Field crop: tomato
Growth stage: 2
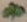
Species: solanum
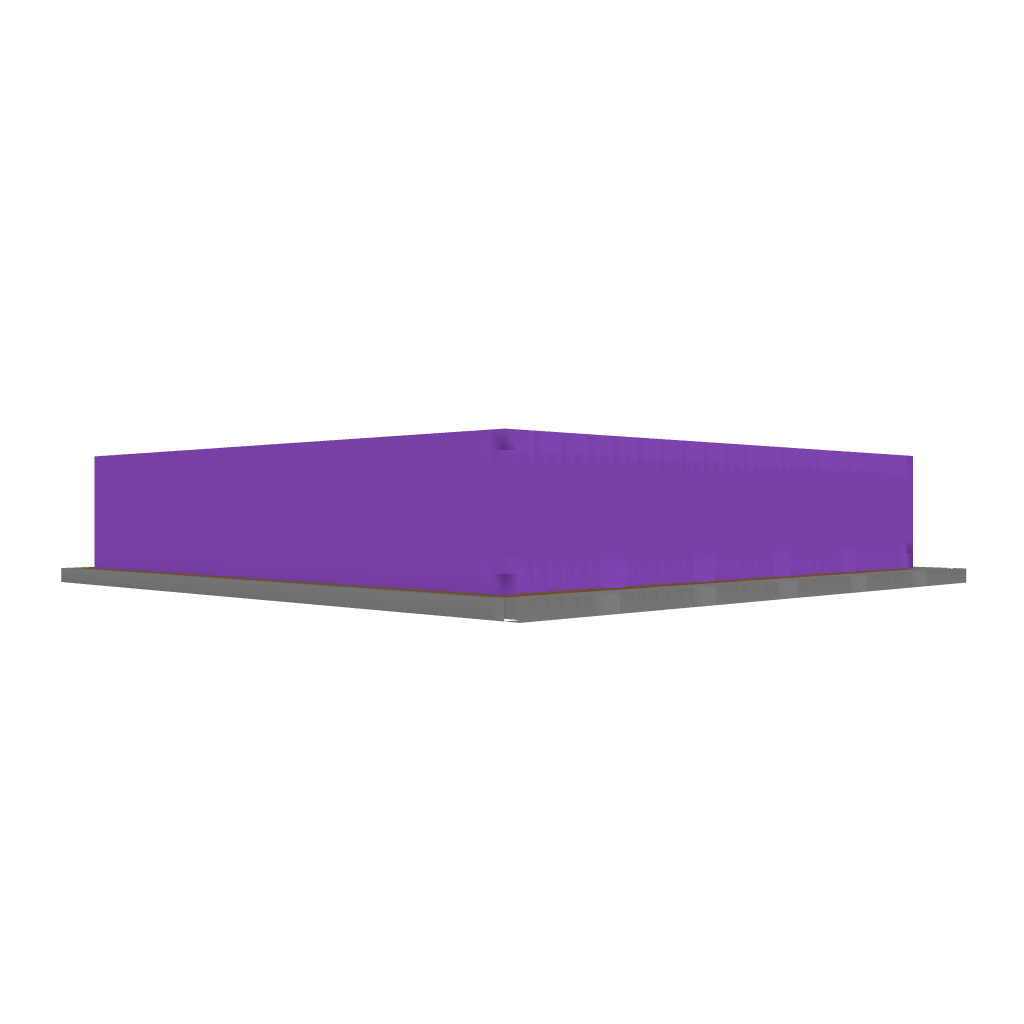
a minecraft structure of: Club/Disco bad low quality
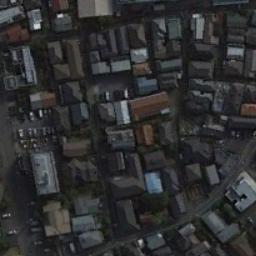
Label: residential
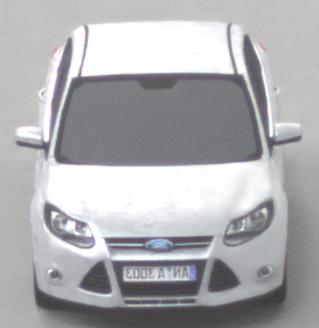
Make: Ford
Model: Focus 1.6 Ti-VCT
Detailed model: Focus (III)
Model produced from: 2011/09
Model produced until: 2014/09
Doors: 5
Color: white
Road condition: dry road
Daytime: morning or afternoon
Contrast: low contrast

--

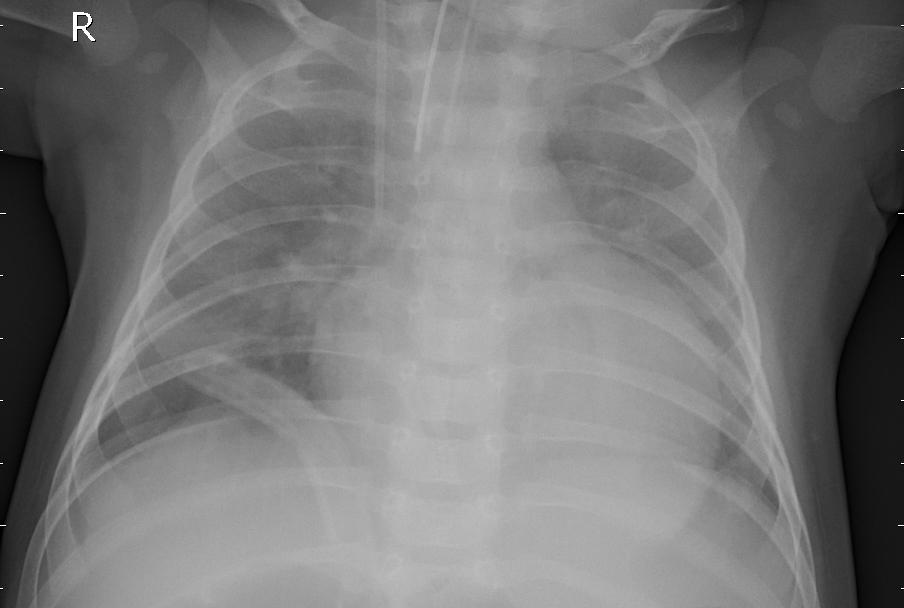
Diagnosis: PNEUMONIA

WHAT TO PRODUCE. Copy each line holding the word "Focus" from the listing above.

RESPONSE AREA.
Model: Focus 1.6 Ti-VCT
Detailed model: Focus (III)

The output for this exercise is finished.